I am committed to improving reproducibility in scientific research. Because of that, I am actively involved in the development of software to facilitate this endeavor. Here are some R packages I have co-developed with the Evolutionary Ecology Group at the University of Cambridge.
Easy reproducible research on git
The aim of resrepo is to encourage and facilitate good practices when setting up and managing git repositories for scientific research projects. It also provides a template for a tidy repository structure that can be used for any project, with functions that help keep a clear separation of code, data and results. It also provides functionality to help manage large data that cannot be tracked on a git repository.

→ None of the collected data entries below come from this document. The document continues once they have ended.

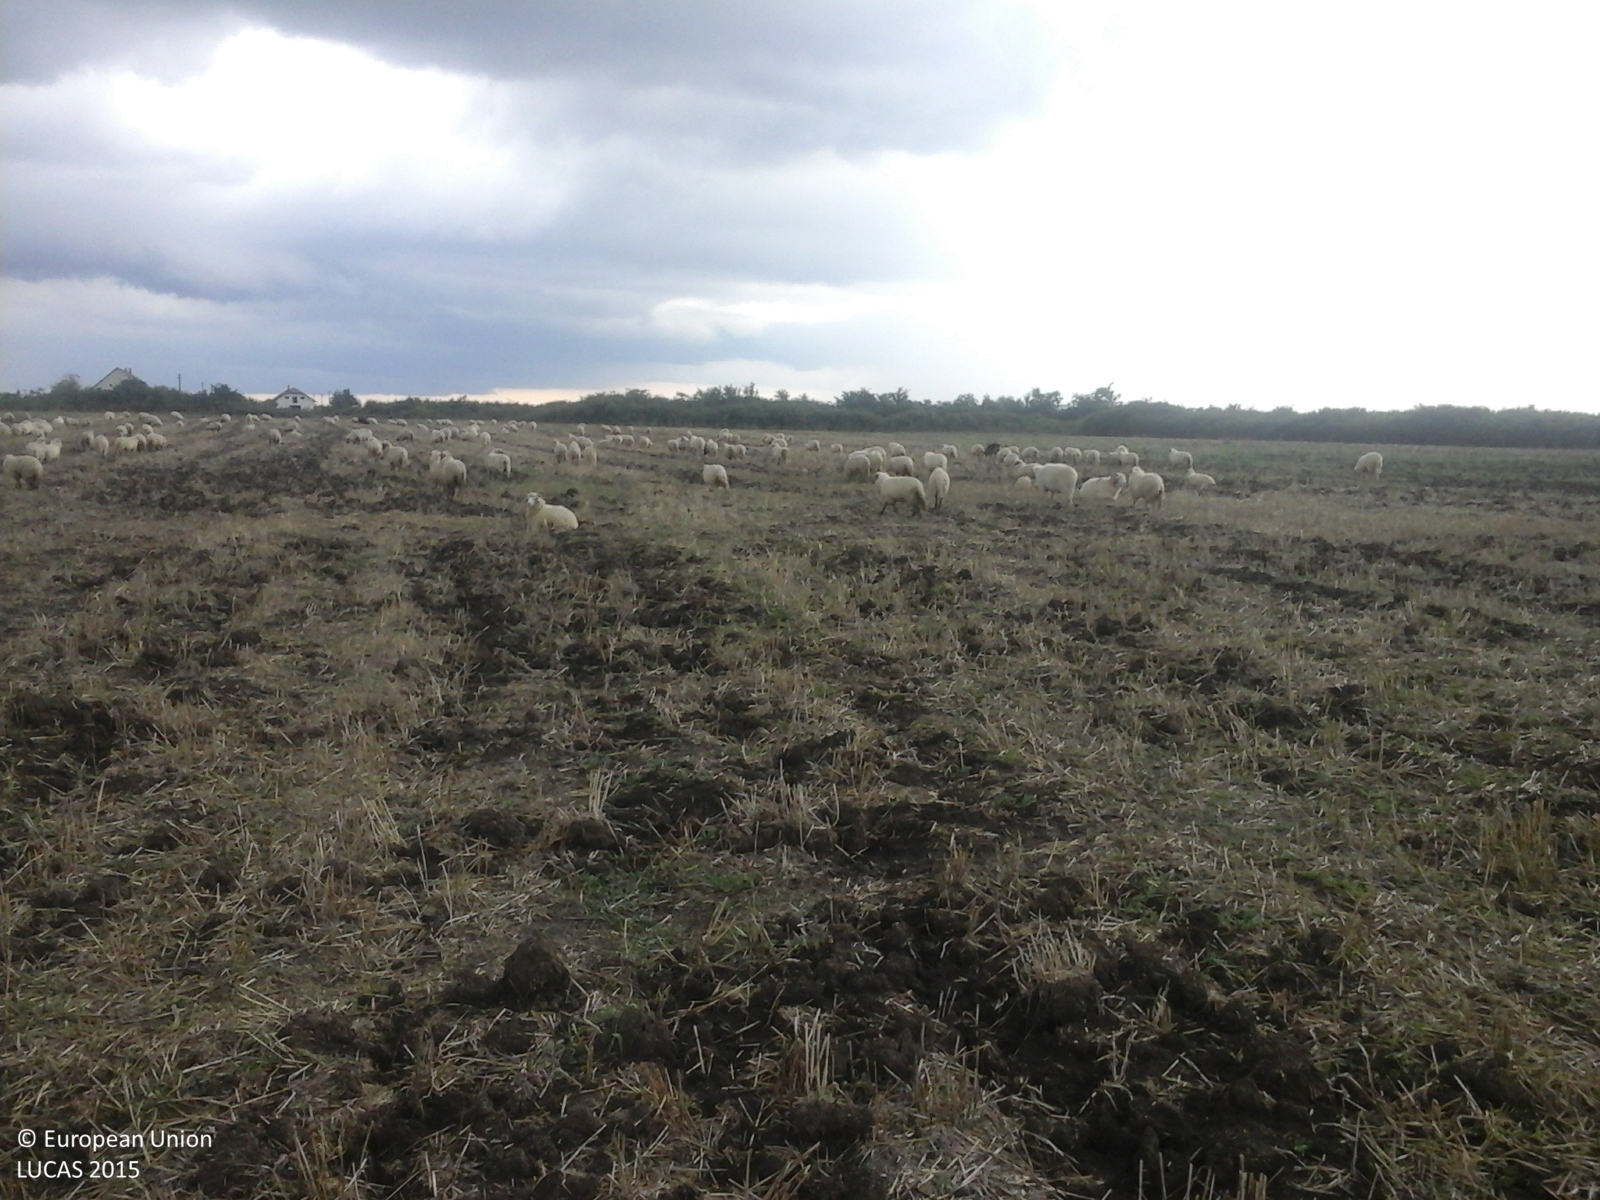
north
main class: Cropland
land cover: Oats
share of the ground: 10 - 25 %
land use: Agriculture (excluding fallow land and kitchen gardens)
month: August
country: RO
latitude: 45.4814
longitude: 21.0939

Walking through the geographic space using graphs
geoGraph aims at implementing graph approaches for geographic data. In geoGraph, a given geographic area is modeled by a regular grid, where each vertex has a set of spatial coordinates and a set of attributes. 'Traveling' within the geographic area can then be easily modeled as moving between connected vertices. The cost of moving from one vertex to another can be defined according to attribute values, which allows for instance to define friction routes based on climate.
Clustering for population genetics in R
tidygenclust provides functions and methods to run genetic clustering in R, using the commonly used ADMIXTURE program as well as the python package fastmixture. It also helps to align and compare multiple runs of the same or different K using the functionalities of the python package clumppling.
Tools for working with map projections in R
The goal of crstools is to facilitate working with map projections (technically coordinate reference systems, CRS) in R. We provide functions to choose the appropriate map projection for a given application, visualise the resulting distortion, and georeference data from unknown projections. The package seamlessly interfaces with the popular sf and terra packages for spatial data handling.